An ETF which leverages k times will have returns with mean km and volatility
kv. The ETFs long term compound return e will be

e = (km) – 0.5 (kv)^2 = k m – k^2 0.5 v^2 = k (m – 0.5 v^2) – (k^2 – k) 0.5
v^2 = k c – k (k – 1) 0.5 v^2.

For k > 1, the second term will always be negative so the ETFs return will
always be less than the leveraged compound return of the underlying index.

Whether the leveraged ETF return will be more or less than the underlying
index return depends on whether

c > (k – 1) 0.5 v^2 <=> m – 0.5 v^2 > (k – 1) 0.5 v^2 <=> m > k 0.5 v^2 <=> m
/ (0.5 v^2) > k.

In other words, the leverage k has to be kept less than the m / (0.5 v^2)
which is the well known Kelly Criterion.

------
tveita
I don't know if this is a recent phenomenon or if I just haven't known where
to look before, but after the stock fall I'm seeing links to remarkably
unsophisticated "investors communities" of a kind I'd only seen for
cryptocurrencies before.

The description of these XIV derivatives just screams "run" to me, they're
pretty much guaranteed to eventually drop to 0 if you hold them long term.
Maybe they have some sort of hedging purpose in n-dimensional financial chess,
but there's no way they should have been part of someone's personal portfolio.
And yet I've heard multiple tales of people trading them, even on margin!

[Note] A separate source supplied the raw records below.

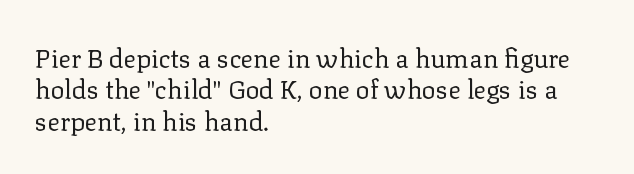
Q: Is the text bold? A: No.
Q: Is the text italic (slanted)? A: No, it is upright.
Q: Is the text underlined? A: No.
Q: How is the paragraph aligned? A: Left-aligned.
Q: Is the spacing between letters normal or unusually wide? A: Normal.
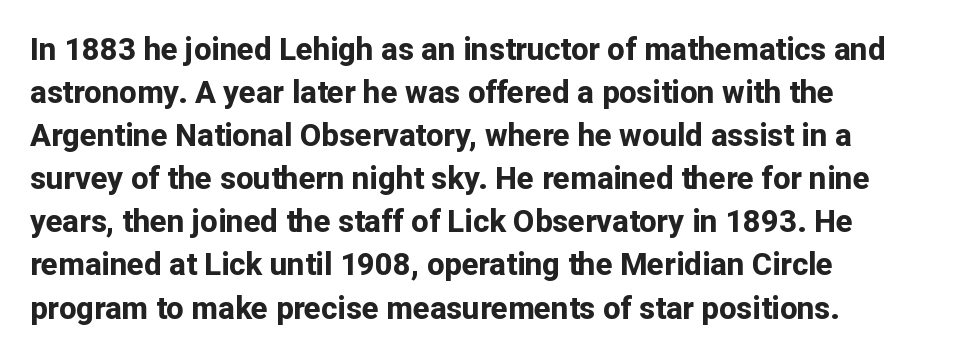
In terms of letterspacing, this is plain default setting. The rendering uses natural spacing where letterforms have individual widths. This sample uses a sans-serif face. No word sits above an underline. This is the regular roman posture of the typeface. All the whitespace from short lines collects on the right.
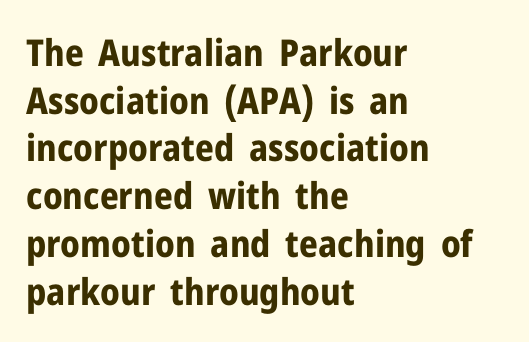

I'm reservedly optimistic about trading platforms like Robinhood, but maybe in
the end they'll turn out to be just another way to funnel dumb money into a
bubble.

------
joezydeco
XIV is dead.

[https://www.marketwatch.com/story/credit-suisse-announces-
pl...](https://www.marketwatch.com/story/credit-suisse-announces-plan-to-
liquidate-xiv-inverse-volatility-etn-2018-02-06)

------
hcknwscommenter
I just don't get it. Broken? The darn thing has done almost exactly what it
was designed to do. VIX futures went up after hours, way up, and XIV went way
down. That is how an inverse VIX futures product is supposed to work. I would
buy some right now if they hadn't announced liquidation.

People are acting like the ability of a product to go to zero, or close to it,
should be a deal breaker, i.e., that such products should not exist. That is
crazy. Individual common stocks go to zero (bankruptcy) all the time.